Author Topic: [Python] Vertor Checker  (Read 515 times)

0 Members and 1 Guest are viewing this topic.

Offline vezzy

  • Royal Highness
  • ****
  • Posts: 771
  • Cookies: 172
    • View Profile
[Python] Vertor Checker
« on: May 16, 2013, 07:27:47 pm »
I recently finished up this basic web scraping script.

Vertor is a BitTorrent site that is specially coded to do verifications on uploads and scans for malware, DRM and password-protected archives before putting the file into its database. As such, it may come off as useful as an additional torrent security measure by checking up to see if a given torrent file is legitimate by querying its database for a result.

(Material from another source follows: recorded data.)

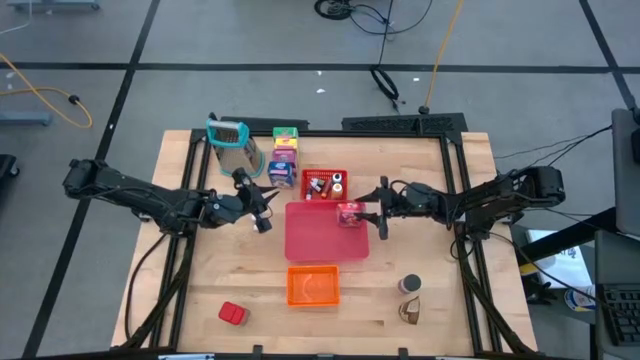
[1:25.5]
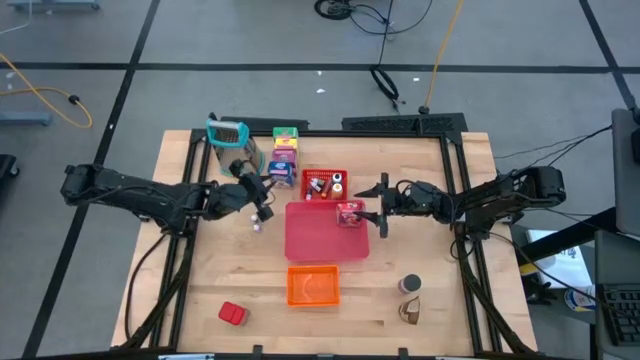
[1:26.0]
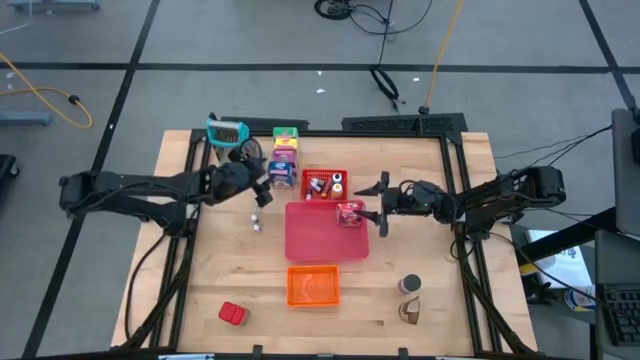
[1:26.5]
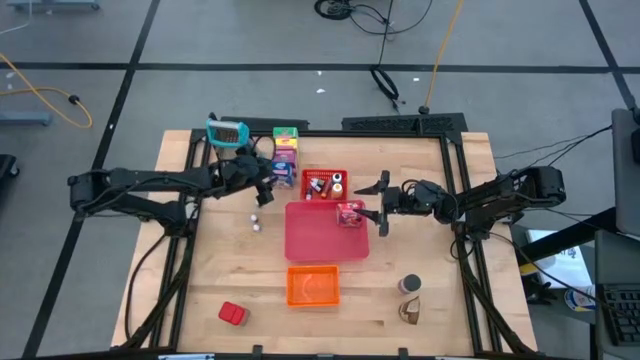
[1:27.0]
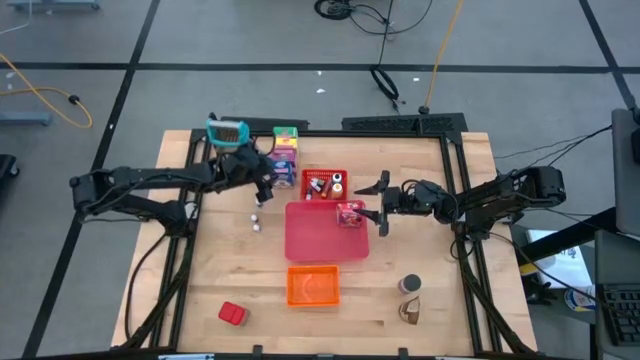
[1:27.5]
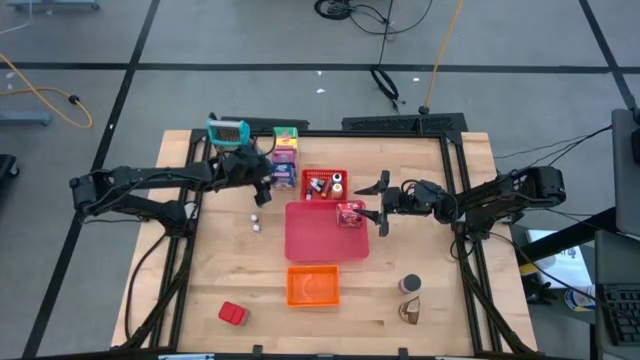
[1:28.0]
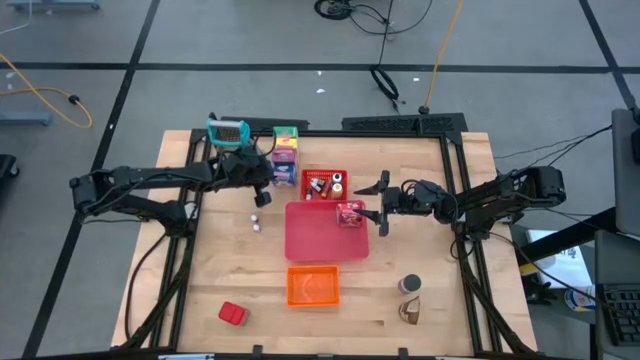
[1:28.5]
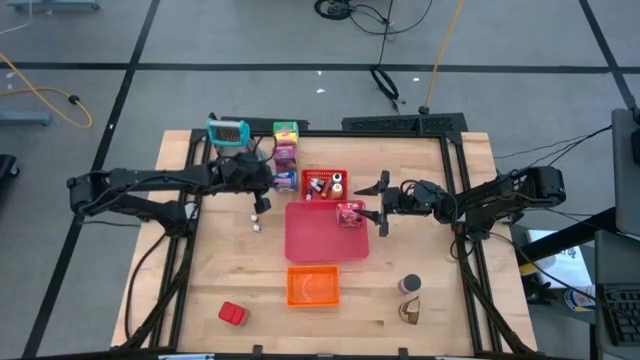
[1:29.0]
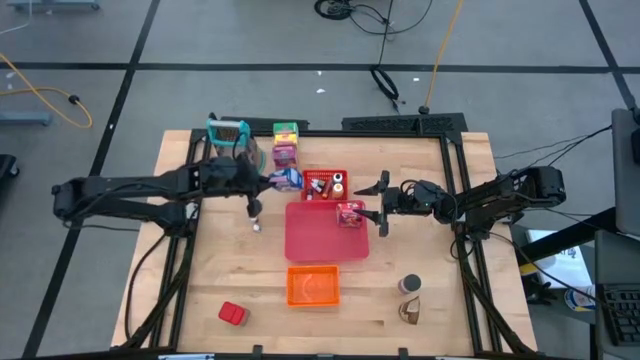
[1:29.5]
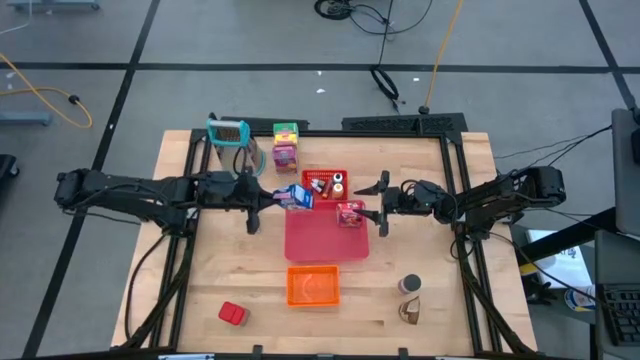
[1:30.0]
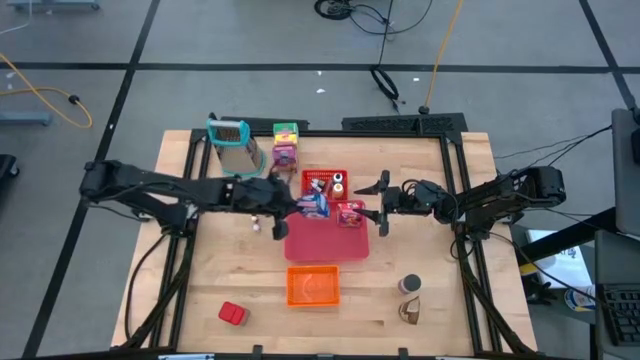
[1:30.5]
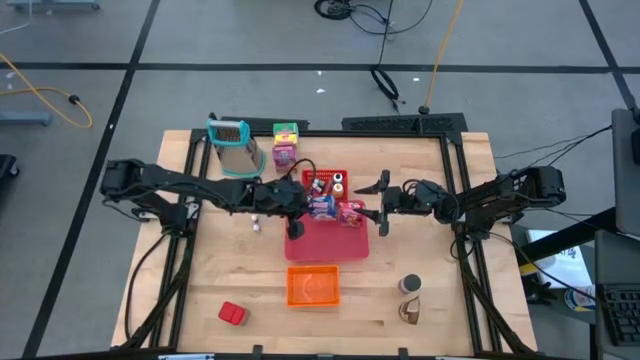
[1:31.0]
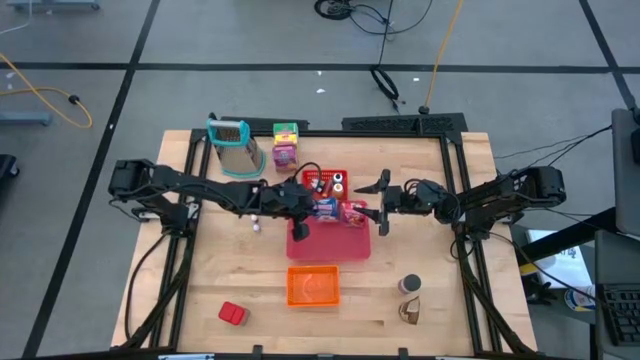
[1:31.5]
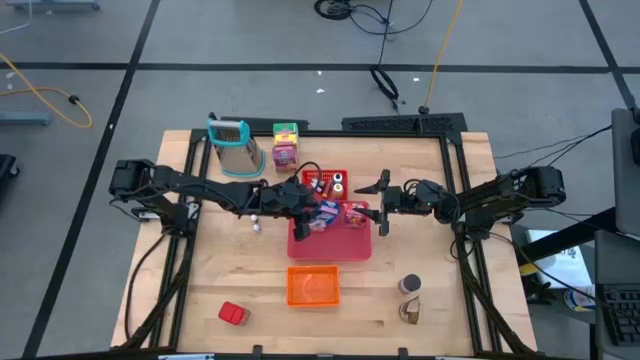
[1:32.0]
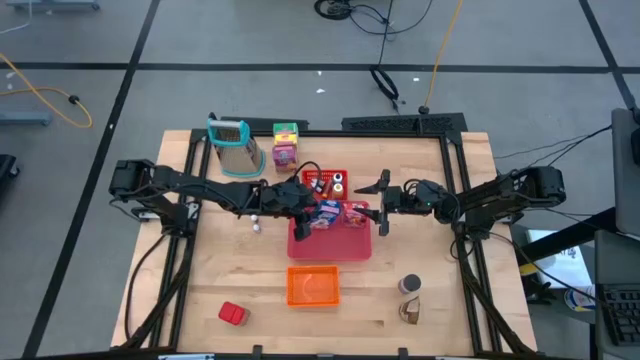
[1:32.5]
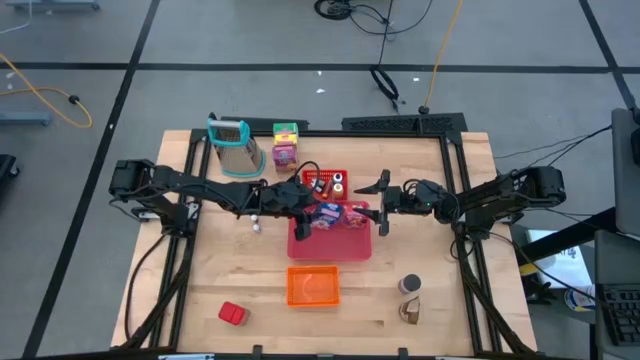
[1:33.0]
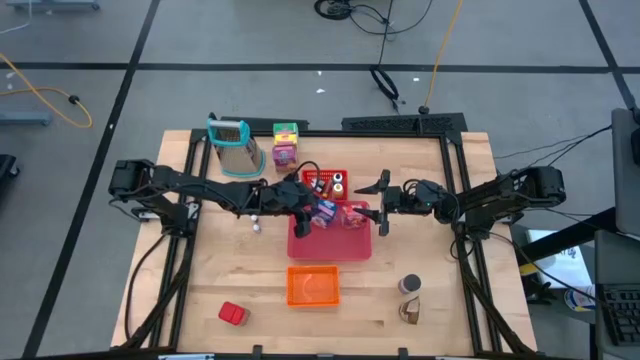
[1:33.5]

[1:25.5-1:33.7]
Task: Pick & Place Kitchen Items
Put the blue cereal box into the pink bin

This was my first attempt at web scraping and BeautifulSoup4, so it may be somewhat kludgy. If you don't have BeautifulSoup installed, run: pip install BeautifulSoup4, or download it from the official website and run setup.py.

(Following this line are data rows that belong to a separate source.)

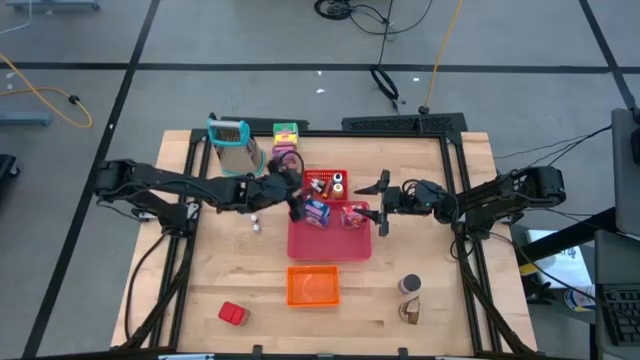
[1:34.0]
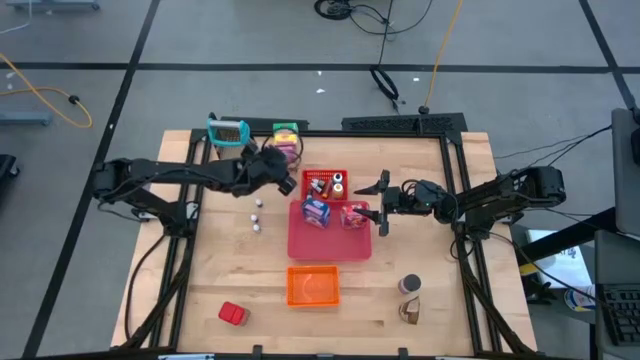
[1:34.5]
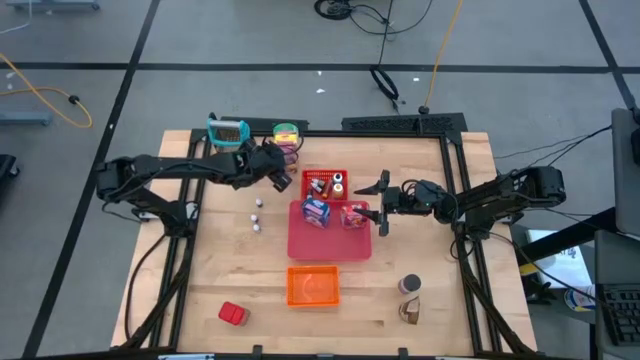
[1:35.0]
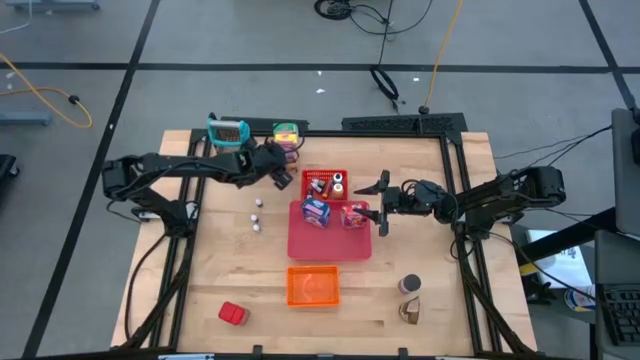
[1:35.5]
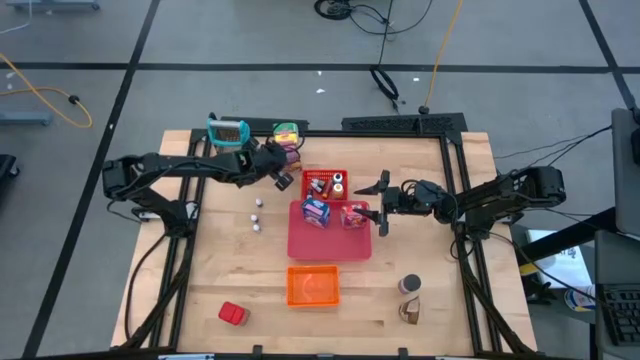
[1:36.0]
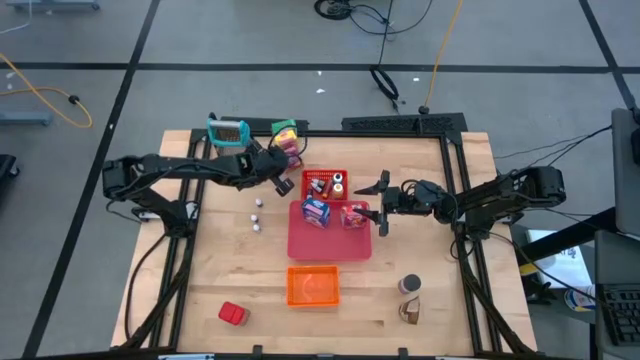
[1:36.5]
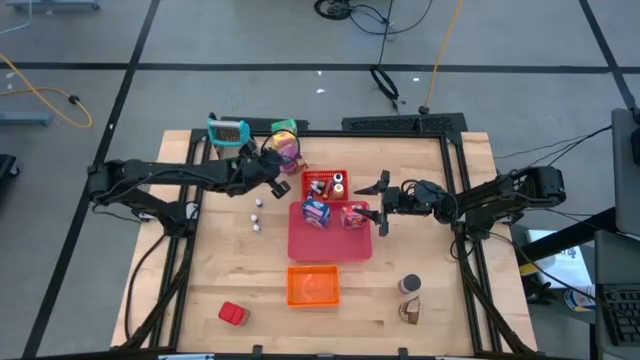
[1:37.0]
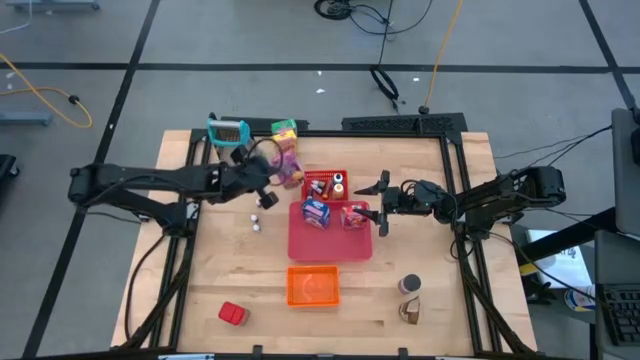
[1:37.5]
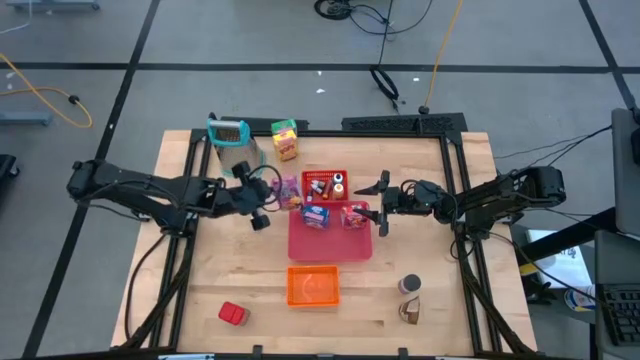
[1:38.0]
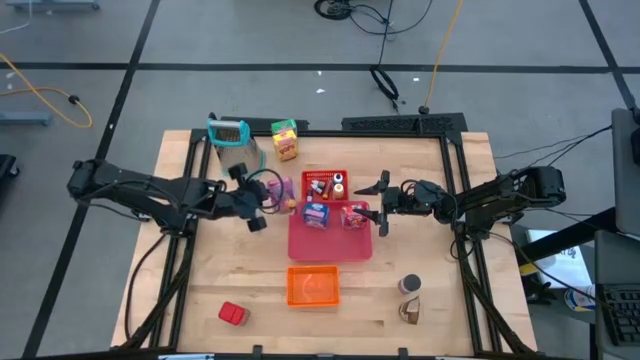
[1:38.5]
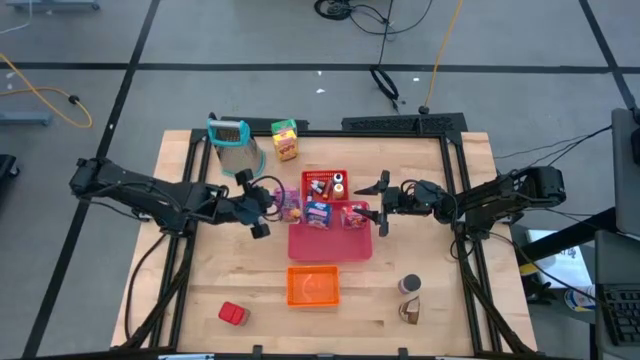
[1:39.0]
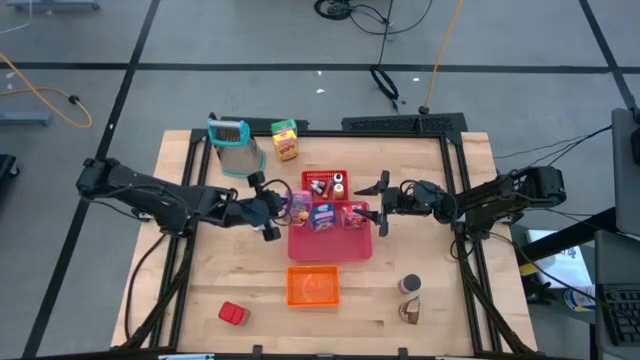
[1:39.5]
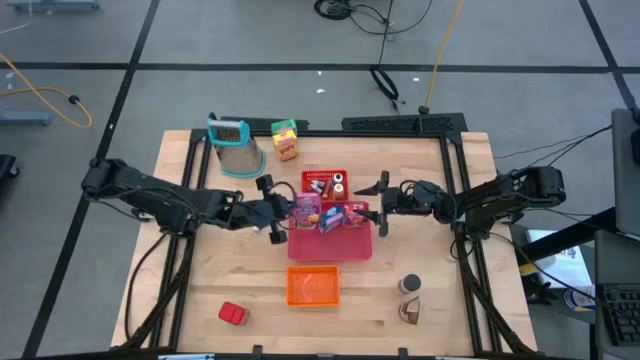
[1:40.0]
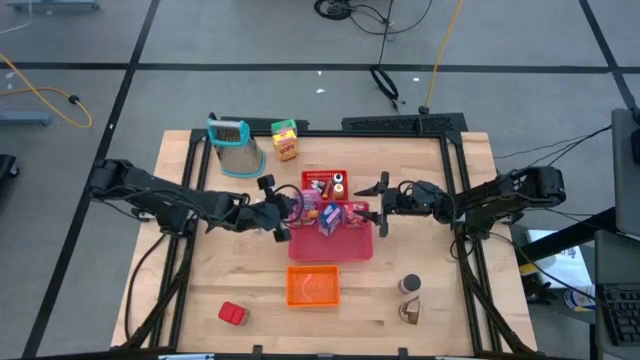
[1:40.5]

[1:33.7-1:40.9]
Put the violet cereal box into the pink bin

What the script does is take a search query through sys.argv[1], sends it to the Vertor database, rips the number of results from an <h1> tag, isolates the integer through a regex and proceeds to display all the references to the query in the page source. Vertor's markup is not tidy, to say the least, so I had to stick with this. Given that this was mostly written out of boredom and for practice, I suppose it is a fair trade.

Vertor treats queries with words separated by periods as identical to multiple-word/parameter queries, and I took note of that in the source code as a method to get by sys.argv's restrictions.

Source:

Code: [Select]
#!/usr/bin/env python
# Simple script that queries a search result to Vertor's database and scrapes the important information.
# This can be used as an additional torrent security measure.
# by vezzy of evilzone.org

# NOTE: If you want to input a multiple-parameter argument, e.g. Video Game, concatenate it with dots, as in Video.Game
# Vertor will process the query in the same way, regardless.

import sys
import re
from urllib2 import urlopen
from bs4 import BeautifulSoup

STARTUP_URL = "http://www.vertor.com/index.php?mod=search&search=&cid=0&words="

def usage():
    print "/Vertor Checker/"
    print "Usage: python vertor.py <search query>"
    sys.exit()

try:
    query = sys.argv[1]
except IndexError:
    usage()

def get_result_number():
    print "Sending query to Vertor...\n"

    search = BeautifulSoup(urlopen(STARTUP_URL + query).read())
    search.find("div", "standart")
    grep_h1 = str([h1.string for h1 in search.findAll("h1")])

    #Regular expression to separate integer from string in the <h1> tag
    result_number = str([int(num.group()) for num in re.finditer(r'\d+', str(grep_h1))])

    print "Found" + ' ' + result_number + ' ' + "result(s) for" + ' ' + query + ' ' + "(with double amount of references in source)"
    print "Torrent release appears to be verified and safe."
    print "Query references in first page of source:\n"

def get_result_list():
    search = BeautifulSoup(urlopen(STARTUP_URL + query).read())   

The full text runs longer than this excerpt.